◆ TASK MATERIAL:
━━━━━━━━━━━━━━━━

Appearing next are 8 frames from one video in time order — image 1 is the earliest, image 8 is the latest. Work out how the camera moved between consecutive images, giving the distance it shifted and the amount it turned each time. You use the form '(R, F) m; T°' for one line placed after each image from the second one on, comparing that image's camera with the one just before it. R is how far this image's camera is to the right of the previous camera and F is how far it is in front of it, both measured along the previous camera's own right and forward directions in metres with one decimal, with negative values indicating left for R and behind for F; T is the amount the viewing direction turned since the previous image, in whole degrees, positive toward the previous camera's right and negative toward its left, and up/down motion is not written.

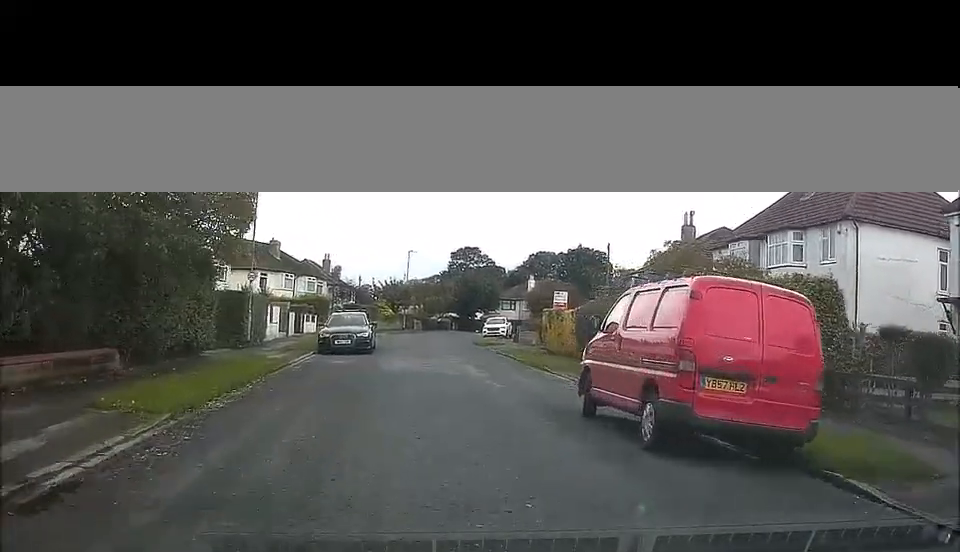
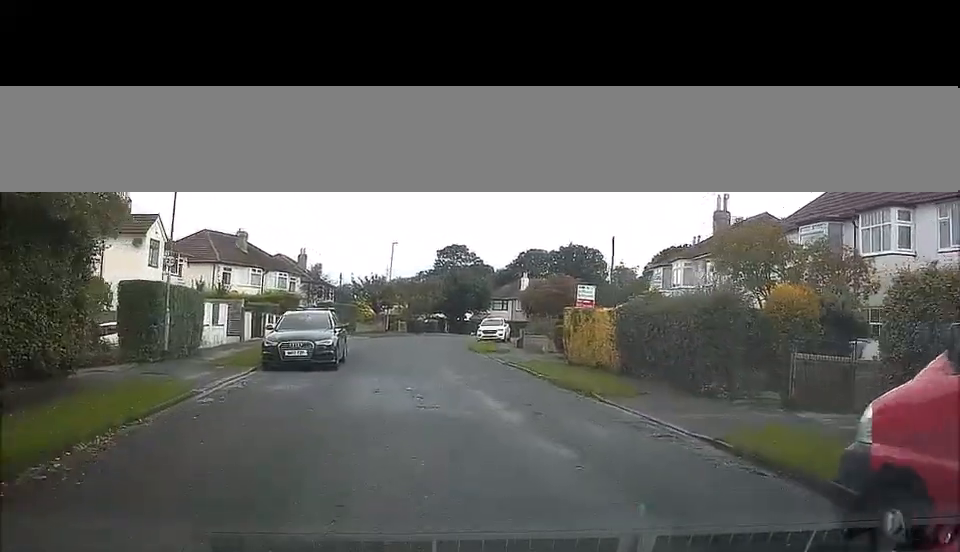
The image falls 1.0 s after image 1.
(-0.1, +8.5) m; 0°
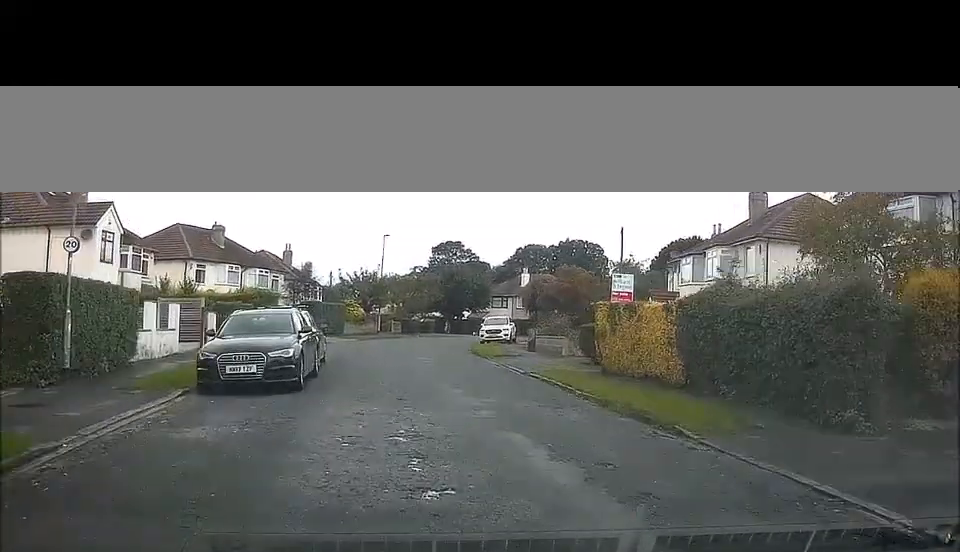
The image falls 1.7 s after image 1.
(+0.2, +6.2) m; +1°
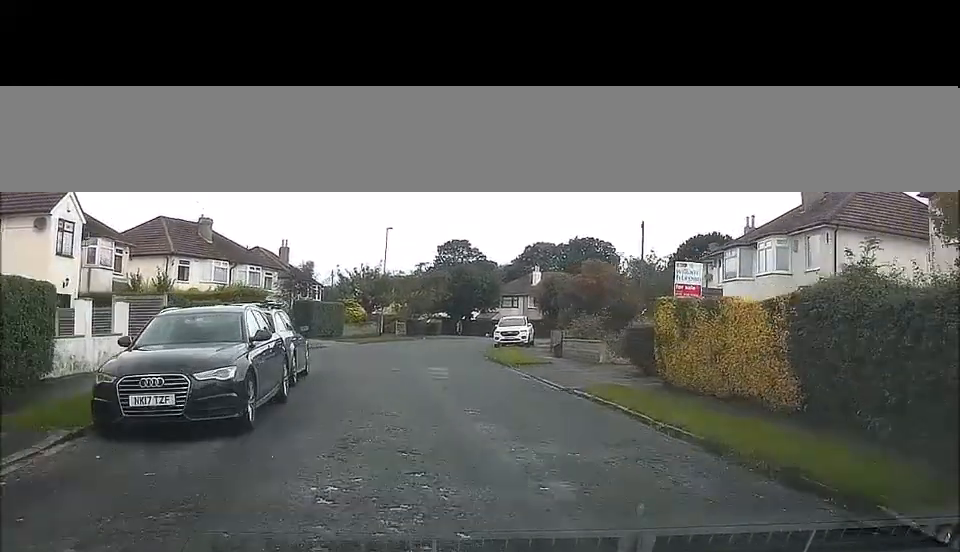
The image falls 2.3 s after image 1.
(-0.1, +5.6) m; 0°
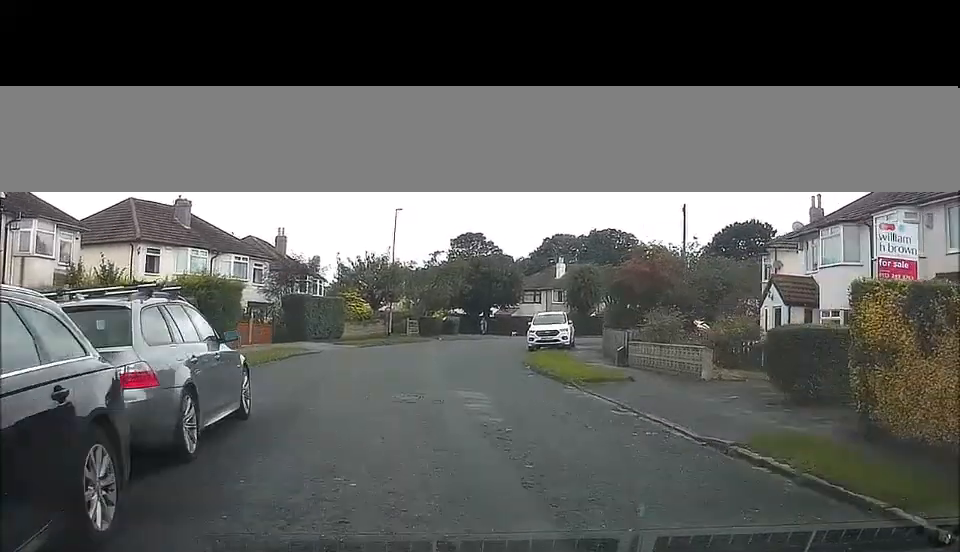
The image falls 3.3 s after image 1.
(0.0, +9.0) m; -2°
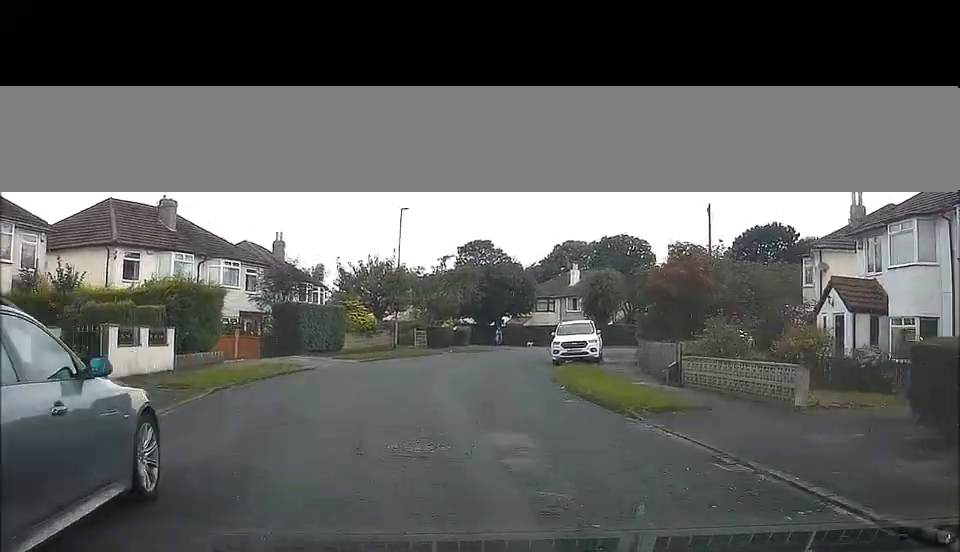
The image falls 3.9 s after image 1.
(0.0, +4.7) m; -1°
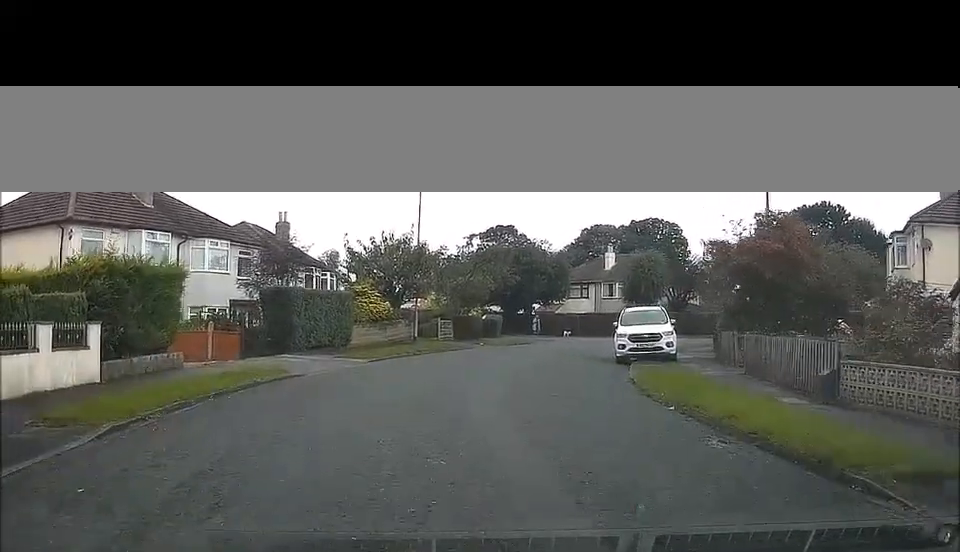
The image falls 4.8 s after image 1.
(-0.3, +6.1) m; 0°
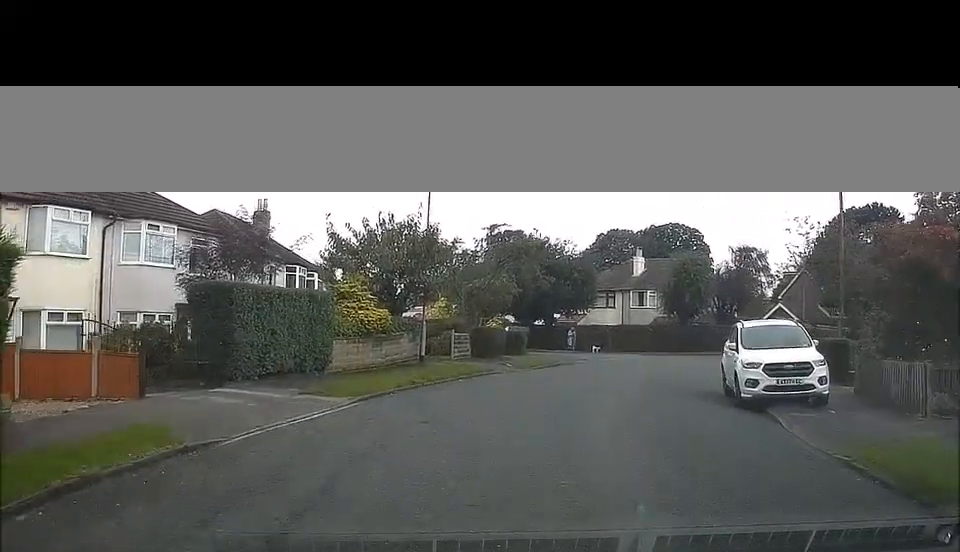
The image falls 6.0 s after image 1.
(+0.5, +8.8) m; +5°

━━━━━━━━━━━━━━━━

◆ ASSIGNMENT: Leave the pictures behind and transcribe every record above exactly.

◆ RESULT OF THIS EXERCISE:
Appearing next are 8 frames from one video in time order — image 1 is the earliest, image 8 is the latest. Work out how the camera moved between consecutive images, giving the distance it shifted and the amount it turned each time. You use the form '(R, F) m; T°' for one line placed after each image from the second one on, comparing that image's camera with the one just before it. R is how far this image's camera is to the right of the previous camera and F is how far it is in front of it, both measured along the previous camera's own right and forward directions in metres with one decimal, with negative values indicating left for R and behind for F; T is the amount the viewing direction turned since the previous image, in whole degrees, positive toward the previous camera's right and negative toward its left, and up/down motion is not written.

The image falls 1.0 s after image 1.
(-0.1, +8.5) m; 0°
The image falls 1.7 s after image 1.
(+0.2, +6.2) m; +1°
The image falls 2.3 s after image 1.
(-0.1, +5.6) m; 0°
The image falls 3.3 s after image 1.
(0.0, +9.0) m; -2°
The image falls 3.9 s after image 1.
(0.0, +4.7) m; -1°
The image falls 4.8 s after image 1.
(-0.3, +6.1) m; 0°
The image falls 6.0 s after image 1.
(+0.5, +8.8) m; +5°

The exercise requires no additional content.